_Task instructions_.
Using the records below, locate all lines containing "torus" and return them.

Excerpts from a dataset
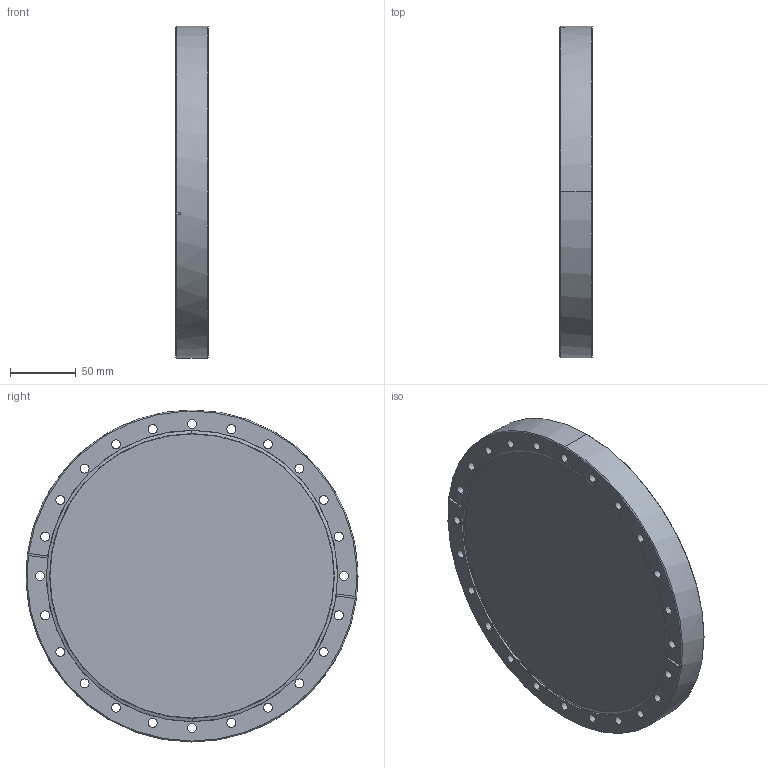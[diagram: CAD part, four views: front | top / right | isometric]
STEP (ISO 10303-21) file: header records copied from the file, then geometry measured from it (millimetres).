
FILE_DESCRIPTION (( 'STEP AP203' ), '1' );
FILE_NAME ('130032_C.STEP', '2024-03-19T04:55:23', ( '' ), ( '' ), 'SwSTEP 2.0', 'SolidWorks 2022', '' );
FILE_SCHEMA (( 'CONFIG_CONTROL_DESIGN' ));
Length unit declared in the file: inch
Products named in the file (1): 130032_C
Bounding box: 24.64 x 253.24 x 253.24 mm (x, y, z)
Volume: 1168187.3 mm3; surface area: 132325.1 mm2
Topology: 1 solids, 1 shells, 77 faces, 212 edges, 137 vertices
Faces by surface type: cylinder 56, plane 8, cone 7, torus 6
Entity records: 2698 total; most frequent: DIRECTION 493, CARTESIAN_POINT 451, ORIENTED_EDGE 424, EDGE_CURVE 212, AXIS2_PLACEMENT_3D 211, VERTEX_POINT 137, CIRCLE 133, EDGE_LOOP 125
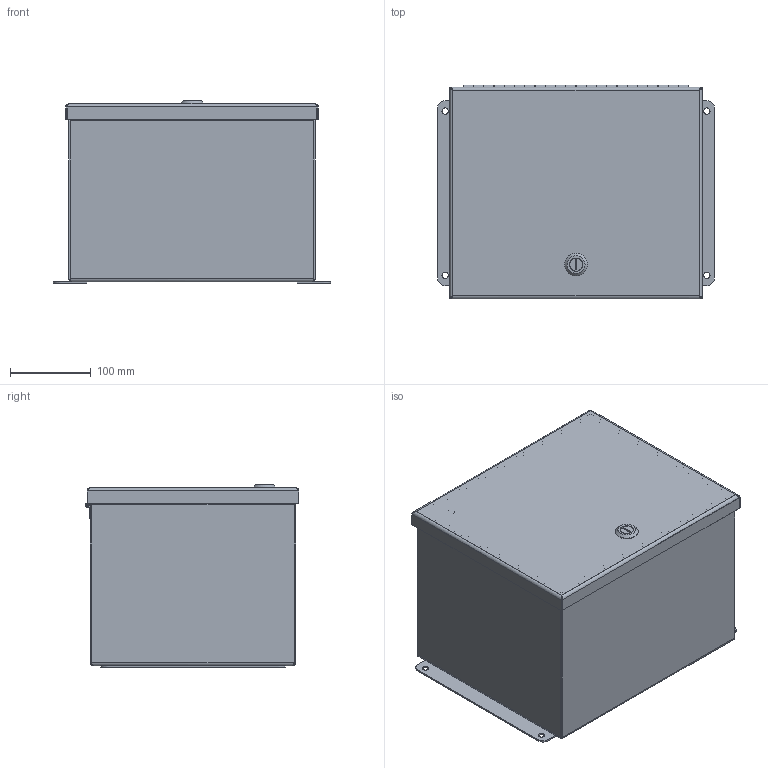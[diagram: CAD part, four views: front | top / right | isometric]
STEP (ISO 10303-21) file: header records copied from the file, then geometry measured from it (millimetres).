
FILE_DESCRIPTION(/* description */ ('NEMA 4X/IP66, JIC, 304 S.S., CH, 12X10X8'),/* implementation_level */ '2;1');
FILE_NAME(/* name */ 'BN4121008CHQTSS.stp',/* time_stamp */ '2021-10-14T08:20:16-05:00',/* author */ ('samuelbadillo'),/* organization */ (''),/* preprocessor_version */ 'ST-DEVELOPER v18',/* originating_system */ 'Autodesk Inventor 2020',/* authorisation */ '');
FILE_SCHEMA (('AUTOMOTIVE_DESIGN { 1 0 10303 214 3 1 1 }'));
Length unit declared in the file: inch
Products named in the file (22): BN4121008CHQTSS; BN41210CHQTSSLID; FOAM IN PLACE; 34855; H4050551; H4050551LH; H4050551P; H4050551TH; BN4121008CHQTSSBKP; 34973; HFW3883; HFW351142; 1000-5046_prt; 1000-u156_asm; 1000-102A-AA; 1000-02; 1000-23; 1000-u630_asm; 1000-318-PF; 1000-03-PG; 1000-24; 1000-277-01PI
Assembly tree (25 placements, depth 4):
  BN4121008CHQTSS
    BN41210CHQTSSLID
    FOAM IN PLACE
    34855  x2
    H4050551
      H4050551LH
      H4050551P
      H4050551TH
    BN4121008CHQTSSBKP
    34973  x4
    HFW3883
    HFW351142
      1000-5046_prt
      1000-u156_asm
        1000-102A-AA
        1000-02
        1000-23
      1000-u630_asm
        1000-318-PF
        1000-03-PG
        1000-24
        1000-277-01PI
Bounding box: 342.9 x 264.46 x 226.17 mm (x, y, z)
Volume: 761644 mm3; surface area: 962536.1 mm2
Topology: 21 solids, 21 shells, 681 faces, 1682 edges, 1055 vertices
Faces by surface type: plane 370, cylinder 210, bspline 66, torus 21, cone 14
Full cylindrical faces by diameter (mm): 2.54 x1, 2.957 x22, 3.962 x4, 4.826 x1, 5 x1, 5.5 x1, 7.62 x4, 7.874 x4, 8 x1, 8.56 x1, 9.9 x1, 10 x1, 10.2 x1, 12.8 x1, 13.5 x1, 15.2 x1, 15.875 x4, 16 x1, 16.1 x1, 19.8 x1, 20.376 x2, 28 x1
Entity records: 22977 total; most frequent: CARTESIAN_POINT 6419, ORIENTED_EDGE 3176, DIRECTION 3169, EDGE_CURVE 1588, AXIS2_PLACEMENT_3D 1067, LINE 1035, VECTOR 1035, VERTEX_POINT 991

_Written answer_.
Faces by surface type: cylinder 56, plane 8, cone 7, torus 6
Faces by surface type: plane 370, cylinder 210, bspline 66, torus 21, cone 14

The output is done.